## Exercise details
Show me every line in the listing that has the word "raspberry".

========================

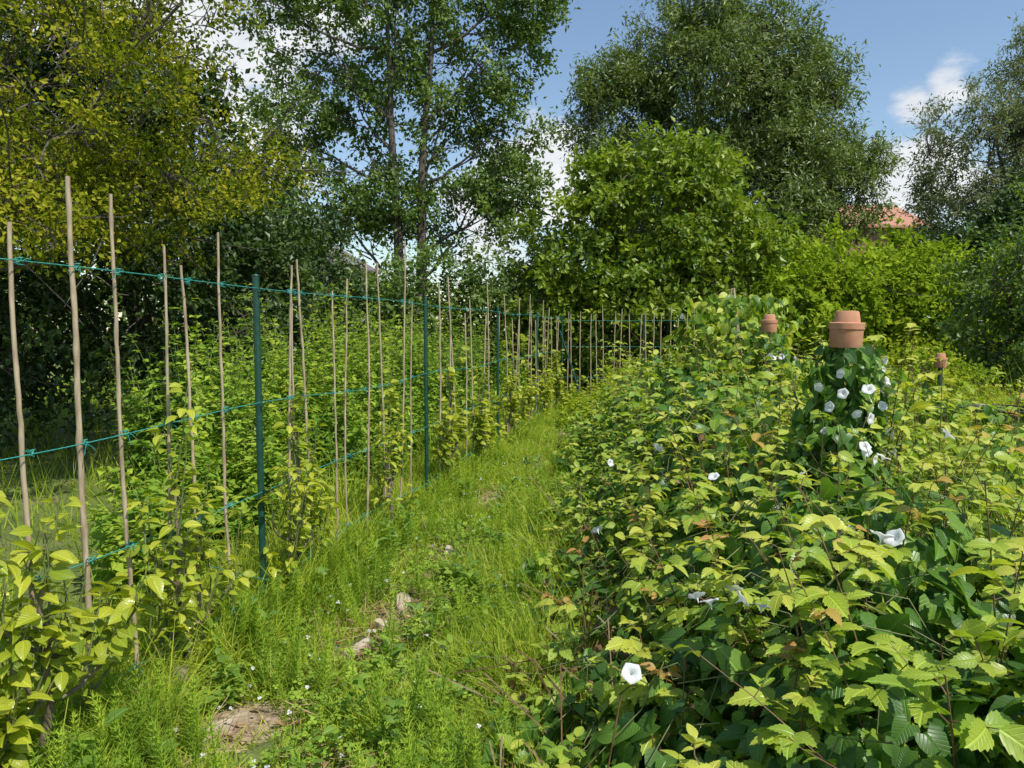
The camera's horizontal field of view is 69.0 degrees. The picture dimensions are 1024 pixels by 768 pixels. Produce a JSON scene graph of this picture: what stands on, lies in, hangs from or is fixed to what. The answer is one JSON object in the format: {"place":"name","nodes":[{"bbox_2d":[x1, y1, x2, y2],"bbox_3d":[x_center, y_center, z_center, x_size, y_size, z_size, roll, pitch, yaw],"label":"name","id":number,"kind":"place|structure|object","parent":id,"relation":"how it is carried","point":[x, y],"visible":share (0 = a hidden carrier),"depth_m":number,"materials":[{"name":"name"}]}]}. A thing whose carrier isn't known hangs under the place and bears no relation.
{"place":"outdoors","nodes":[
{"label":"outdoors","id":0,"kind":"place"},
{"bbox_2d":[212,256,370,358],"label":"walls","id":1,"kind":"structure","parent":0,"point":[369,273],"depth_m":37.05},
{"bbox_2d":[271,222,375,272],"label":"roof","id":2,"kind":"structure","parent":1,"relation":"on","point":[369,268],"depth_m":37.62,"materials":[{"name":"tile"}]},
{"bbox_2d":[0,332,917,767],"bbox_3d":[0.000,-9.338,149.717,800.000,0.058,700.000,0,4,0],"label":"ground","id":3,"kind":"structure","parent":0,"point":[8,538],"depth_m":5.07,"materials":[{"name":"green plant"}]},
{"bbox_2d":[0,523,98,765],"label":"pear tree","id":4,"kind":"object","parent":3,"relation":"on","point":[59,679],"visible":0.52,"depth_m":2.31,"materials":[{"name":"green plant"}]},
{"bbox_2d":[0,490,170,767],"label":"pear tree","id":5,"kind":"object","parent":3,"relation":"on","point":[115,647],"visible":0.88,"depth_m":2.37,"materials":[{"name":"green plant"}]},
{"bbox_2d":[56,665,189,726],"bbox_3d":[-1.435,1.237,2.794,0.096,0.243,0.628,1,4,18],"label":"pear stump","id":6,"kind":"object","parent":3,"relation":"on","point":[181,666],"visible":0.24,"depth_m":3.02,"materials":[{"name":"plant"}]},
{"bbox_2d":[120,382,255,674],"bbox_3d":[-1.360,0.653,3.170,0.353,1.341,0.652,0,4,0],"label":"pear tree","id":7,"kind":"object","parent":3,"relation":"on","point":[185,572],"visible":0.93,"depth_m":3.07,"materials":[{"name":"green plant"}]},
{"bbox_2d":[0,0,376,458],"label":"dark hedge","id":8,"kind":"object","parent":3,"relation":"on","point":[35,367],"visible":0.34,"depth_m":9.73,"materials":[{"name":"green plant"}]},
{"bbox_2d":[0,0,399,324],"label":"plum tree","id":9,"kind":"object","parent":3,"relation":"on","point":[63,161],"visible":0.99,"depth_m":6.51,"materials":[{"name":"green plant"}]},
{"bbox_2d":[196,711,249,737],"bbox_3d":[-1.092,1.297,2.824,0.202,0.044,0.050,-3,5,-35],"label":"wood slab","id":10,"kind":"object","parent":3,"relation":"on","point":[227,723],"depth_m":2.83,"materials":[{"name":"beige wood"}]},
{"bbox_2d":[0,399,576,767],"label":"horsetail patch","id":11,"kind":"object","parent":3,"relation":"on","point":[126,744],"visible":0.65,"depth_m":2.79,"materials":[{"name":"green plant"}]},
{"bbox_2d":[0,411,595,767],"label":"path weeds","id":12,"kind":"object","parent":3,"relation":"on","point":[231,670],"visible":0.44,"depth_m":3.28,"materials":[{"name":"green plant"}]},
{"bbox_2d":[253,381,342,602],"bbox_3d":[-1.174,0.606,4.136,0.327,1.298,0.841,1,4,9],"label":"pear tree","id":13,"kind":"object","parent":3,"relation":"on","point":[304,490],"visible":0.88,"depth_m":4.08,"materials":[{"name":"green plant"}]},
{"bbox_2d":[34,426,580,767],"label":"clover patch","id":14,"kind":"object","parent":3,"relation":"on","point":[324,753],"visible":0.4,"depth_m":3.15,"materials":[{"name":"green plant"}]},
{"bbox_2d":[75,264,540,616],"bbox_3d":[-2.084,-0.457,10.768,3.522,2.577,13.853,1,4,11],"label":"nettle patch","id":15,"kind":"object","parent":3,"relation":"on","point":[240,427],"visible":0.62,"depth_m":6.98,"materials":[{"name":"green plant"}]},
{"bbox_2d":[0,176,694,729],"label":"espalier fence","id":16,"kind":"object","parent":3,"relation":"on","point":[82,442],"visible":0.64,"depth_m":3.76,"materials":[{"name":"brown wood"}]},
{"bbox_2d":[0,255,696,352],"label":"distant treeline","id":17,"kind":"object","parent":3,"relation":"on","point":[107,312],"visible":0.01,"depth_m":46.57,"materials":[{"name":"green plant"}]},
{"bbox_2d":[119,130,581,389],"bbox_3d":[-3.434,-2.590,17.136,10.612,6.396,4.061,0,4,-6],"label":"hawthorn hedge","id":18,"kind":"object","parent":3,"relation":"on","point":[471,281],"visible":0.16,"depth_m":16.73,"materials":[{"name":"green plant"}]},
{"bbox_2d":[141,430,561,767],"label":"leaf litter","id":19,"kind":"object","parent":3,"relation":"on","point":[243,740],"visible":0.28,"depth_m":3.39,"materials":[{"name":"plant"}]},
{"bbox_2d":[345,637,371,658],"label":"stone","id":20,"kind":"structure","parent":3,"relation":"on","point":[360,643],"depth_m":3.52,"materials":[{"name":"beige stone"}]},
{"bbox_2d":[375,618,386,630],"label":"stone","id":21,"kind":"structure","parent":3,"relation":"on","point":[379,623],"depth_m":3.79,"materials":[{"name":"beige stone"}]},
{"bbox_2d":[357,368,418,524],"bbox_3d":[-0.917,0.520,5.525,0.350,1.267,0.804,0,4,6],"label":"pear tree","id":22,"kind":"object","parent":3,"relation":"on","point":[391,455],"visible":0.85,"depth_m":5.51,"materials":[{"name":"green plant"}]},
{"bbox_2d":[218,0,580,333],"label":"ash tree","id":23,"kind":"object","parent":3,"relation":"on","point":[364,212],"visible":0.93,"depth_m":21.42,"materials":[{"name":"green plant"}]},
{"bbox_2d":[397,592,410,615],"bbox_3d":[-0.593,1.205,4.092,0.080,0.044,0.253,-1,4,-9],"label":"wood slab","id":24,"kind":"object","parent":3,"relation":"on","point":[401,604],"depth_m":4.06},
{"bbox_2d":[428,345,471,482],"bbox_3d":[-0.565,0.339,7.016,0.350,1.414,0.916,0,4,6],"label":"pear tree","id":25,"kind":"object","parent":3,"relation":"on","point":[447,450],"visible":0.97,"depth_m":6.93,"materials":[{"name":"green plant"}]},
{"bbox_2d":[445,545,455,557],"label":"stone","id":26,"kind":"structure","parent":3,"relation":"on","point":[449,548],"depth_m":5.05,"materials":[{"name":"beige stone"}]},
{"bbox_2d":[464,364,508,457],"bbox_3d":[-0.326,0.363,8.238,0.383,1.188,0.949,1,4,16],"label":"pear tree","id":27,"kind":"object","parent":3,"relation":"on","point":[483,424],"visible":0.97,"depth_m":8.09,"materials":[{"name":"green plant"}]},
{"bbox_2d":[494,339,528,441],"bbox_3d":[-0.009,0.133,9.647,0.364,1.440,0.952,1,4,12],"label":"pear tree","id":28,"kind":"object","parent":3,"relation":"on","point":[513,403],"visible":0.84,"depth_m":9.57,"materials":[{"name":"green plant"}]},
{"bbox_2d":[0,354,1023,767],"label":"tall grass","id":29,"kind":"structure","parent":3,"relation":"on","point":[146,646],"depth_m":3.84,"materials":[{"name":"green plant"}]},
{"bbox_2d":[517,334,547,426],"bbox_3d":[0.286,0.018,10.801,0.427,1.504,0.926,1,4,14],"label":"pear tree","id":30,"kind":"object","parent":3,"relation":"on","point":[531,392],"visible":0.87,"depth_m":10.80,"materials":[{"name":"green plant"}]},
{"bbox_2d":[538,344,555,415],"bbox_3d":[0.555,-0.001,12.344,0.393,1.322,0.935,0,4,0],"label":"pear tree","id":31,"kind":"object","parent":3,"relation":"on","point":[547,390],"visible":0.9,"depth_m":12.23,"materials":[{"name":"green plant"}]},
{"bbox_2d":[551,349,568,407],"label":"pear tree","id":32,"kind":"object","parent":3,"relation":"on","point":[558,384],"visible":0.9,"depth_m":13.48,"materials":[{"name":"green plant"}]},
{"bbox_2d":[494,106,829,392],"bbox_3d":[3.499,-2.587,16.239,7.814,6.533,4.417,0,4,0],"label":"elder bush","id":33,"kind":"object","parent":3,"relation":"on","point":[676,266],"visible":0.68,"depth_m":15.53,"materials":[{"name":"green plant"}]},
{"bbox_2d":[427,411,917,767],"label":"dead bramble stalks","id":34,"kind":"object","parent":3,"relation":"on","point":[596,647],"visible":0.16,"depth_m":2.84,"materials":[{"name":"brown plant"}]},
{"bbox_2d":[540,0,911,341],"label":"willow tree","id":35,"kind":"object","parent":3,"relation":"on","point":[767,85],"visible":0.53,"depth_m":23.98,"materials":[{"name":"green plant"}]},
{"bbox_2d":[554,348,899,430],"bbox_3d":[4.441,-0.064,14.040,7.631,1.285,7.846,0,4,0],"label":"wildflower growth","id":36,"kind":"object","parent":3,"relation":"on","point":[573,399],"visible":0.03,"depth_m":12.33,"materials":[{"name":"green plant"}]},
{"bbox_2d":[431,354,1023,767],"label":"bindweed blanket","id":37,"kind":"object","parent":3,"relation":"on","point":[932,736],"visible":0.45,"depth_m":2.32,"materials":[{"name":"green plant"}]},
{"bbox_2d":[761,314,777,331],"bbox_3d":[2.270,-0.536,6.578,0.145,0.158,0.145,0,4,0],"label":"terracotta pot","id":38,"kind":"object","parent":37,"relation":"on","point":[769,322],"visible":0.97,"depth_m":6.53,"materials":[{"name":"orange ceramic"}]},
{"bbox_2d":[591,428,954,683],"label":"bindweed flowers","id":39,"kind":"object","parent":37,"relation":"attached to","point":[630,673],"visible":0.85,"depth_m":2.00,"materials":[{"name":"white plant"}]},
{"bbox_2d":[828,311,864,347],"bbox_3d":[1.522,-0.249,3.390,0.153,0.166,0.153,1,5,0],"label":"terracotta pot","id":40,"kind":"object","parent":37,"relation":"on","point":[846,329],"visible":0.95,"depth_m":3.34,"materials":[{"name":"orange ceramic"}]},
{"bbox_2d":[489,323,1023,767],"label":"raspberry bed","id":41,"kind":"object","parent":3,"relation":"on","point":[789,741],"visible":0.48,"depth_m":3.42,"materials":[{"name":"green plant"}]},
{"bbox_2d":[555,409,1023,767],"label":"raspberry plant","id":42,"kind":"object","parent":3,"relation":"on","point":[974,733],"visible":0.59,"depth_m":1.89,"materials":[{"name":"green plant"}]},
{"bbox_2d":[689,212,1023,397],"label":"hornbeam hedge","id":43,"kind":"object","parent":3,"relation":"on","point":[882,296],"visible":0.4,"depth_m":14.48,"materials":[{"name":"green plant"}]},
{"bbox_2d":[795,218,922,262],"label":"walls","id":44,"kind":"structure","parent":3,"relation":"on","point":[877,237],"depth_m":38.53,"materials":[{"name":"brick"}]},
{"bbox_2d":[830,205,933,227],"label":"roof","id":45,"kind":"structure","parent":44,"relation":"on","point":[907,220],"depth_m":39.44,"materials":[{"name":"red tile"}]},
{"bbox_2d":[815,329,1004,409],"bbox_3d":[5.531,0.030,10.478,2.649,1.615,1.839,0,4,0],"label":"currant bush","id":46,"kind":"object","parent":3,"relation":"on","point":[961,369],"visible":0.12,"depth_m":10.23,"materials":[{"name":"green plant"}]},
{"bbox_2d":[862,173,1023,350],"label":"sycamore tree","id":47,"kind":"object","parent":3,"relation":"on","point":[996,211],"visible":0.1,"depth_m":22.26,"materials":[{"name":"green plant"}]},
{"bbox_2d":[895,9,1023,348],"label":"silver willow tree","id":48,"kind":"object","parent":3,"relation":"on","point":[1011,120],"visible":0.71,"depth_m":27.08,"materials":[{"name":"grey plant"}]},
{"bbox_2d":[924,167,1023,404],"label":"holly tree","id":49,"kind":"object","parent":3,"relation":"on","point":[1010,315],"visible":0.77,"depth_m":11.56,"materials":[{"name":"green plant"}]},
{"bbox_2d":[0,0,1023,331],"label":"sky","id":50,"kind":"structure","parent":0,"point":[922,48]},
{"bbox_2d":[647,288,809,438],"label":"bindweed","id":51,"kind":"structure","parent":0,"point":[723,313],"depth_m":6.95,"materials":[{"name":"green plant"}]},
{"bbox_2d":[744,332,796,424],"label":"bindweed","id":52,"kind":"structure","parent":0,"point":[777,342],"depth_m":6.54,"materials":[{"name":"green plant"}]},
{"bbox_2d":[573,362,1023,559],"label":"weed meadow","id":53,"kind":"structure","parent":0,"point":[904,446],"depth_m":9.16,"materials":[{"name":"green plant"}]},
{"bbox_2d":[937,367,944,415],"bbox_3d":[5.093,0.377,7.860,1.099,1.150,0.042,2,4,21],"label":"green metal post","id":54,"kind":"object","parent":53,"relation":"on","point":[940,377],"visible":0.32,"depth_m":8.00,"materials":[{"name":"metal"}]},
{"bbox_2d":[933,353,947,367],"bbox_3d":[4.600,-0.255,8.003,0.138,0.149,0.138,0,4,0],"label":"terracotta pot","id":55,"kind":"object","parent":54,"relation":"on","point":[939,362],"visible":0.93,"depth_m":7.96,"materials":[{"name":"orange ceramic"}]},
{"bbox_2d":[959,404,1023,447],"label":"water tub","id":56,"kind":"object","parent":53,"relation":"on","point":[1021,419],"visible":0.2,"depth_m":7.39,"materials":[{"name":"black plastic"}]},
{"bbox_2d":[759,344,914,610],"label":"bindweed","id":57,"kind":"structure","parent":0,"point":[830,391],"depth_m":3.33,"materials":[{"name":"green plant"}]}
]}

========================

## Solution for this exercise
{"bbox_2d":[489,323,1023,767],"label":"raspberry bed","id":41,"kind":"object","parent":3,"relation":"on","point":[789,741],"visible":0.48,"depth_m":3.42,"materials":[{"name":"green plant"}]},
{"bbox_2d":[555,409,1023,767],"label":"raspberry plant","id":42,"kind":"object","parent":3,"relation":"on","point":[974,733],"visible":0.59,"depth_m":1.89,"materials":[{"name":"green plant"}]},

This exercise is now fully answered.